[Opening Exercise inputs section]

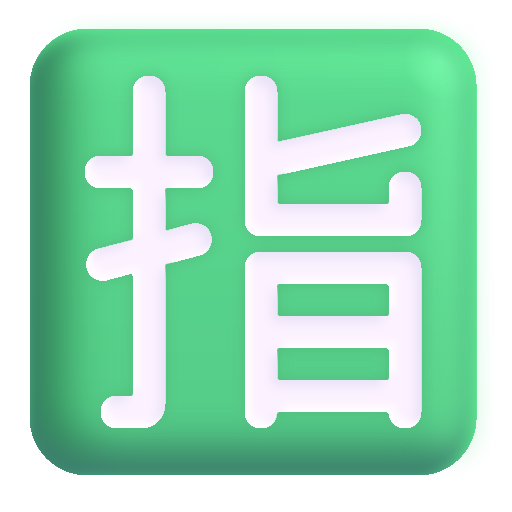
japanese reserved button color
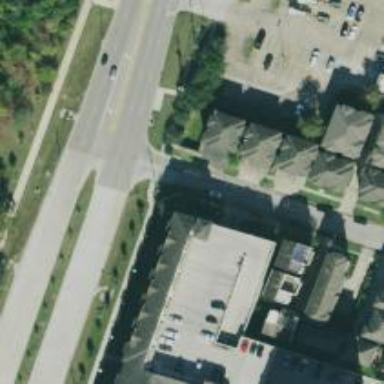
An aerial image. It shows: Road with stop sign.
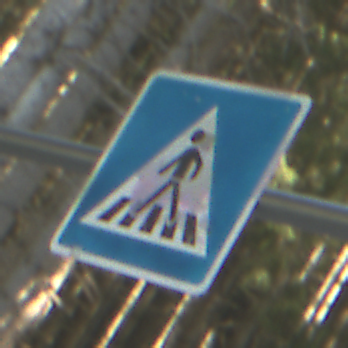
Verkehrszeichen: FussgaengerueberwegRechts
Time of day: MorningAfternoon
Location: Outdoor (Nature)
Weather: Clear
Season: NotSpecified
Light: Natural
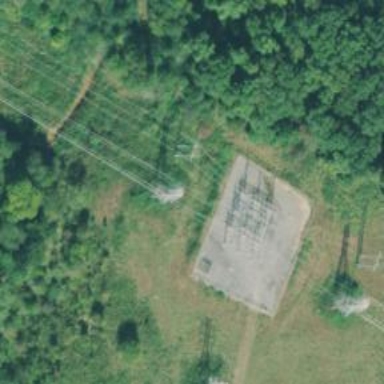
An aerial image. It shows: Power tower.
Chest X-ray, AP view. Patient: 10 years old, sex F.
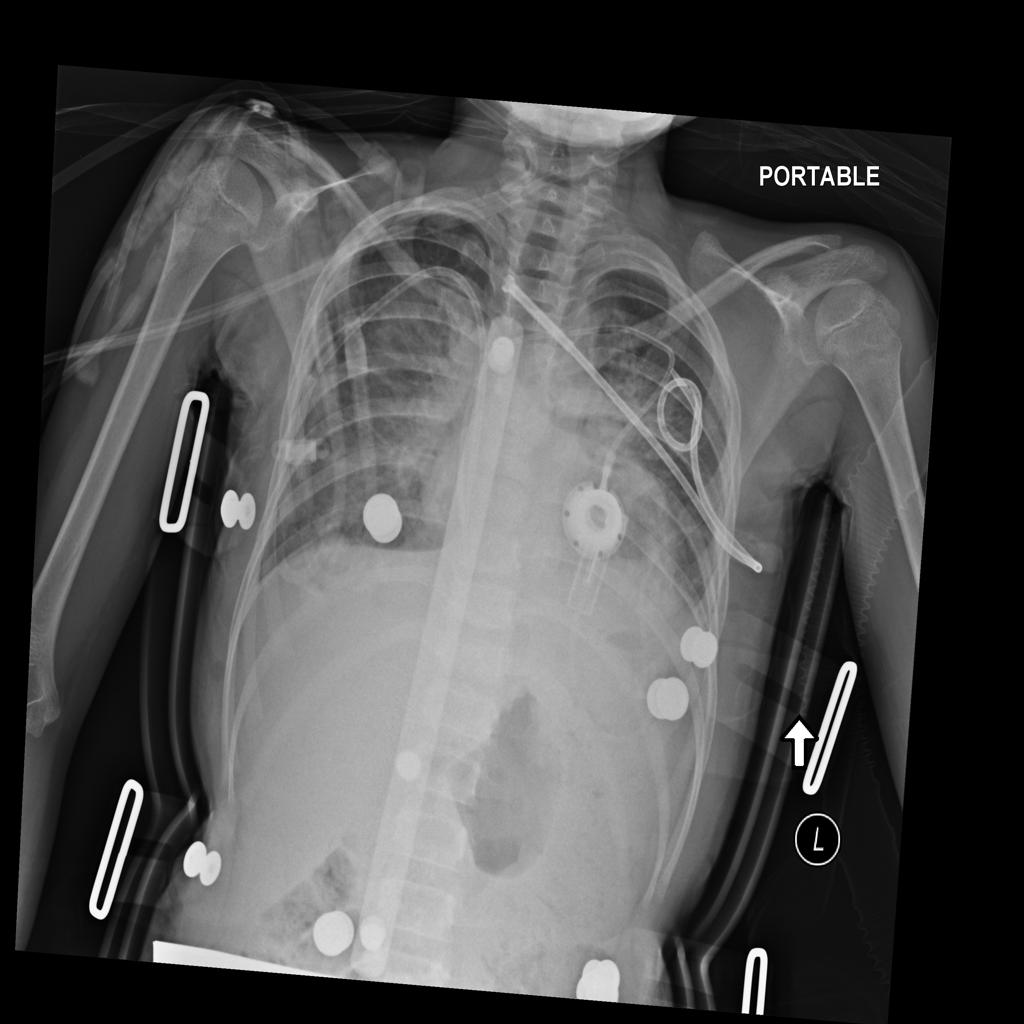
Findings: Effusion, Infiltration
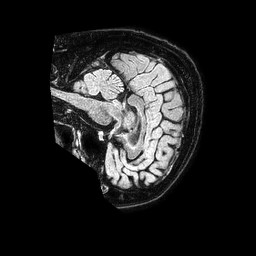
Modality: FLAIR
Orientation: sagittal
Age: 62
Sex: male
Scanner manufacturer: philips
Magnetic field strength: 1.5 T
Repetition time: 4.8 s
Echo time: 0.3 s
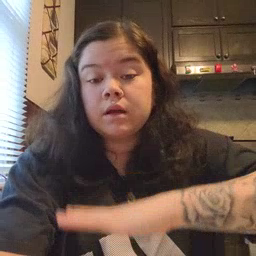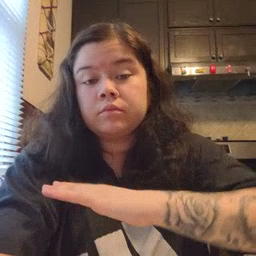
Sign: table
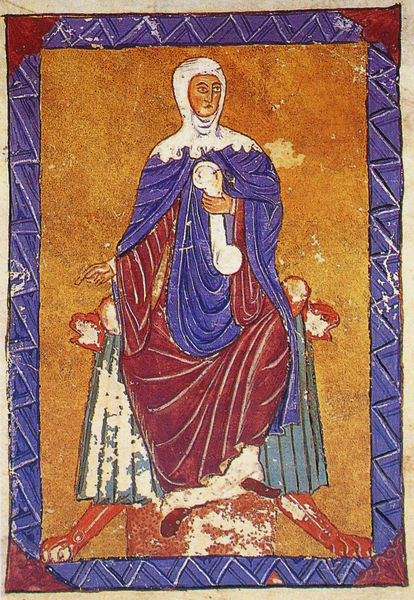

[Closing Exercise inputs section]

> _What you have to do_
Write out again, exactly, each line from the one with "Time of day: MorningAfternoon" to the end of the entries. No pictures go in.

> _Written response_
Time of day: MorningAfternoon
Location: Outdoor (Nature)
Weather: Clear
Season: NotSpecified
Light: Natural
An aerial image. It shows: Power tower.
Chest X-ray, AP view. Patient: 10 years old, sex F.
Findings: Effusion, Infiltration
Modality: FLAIR
Orientation: sagittal
Age: 62
Sex: male
Scanner manufacturer: philips
Magnetic field strength: 1.5 T
Repetition time: 4.8 s
Echo time: 0.3 s
Sign: table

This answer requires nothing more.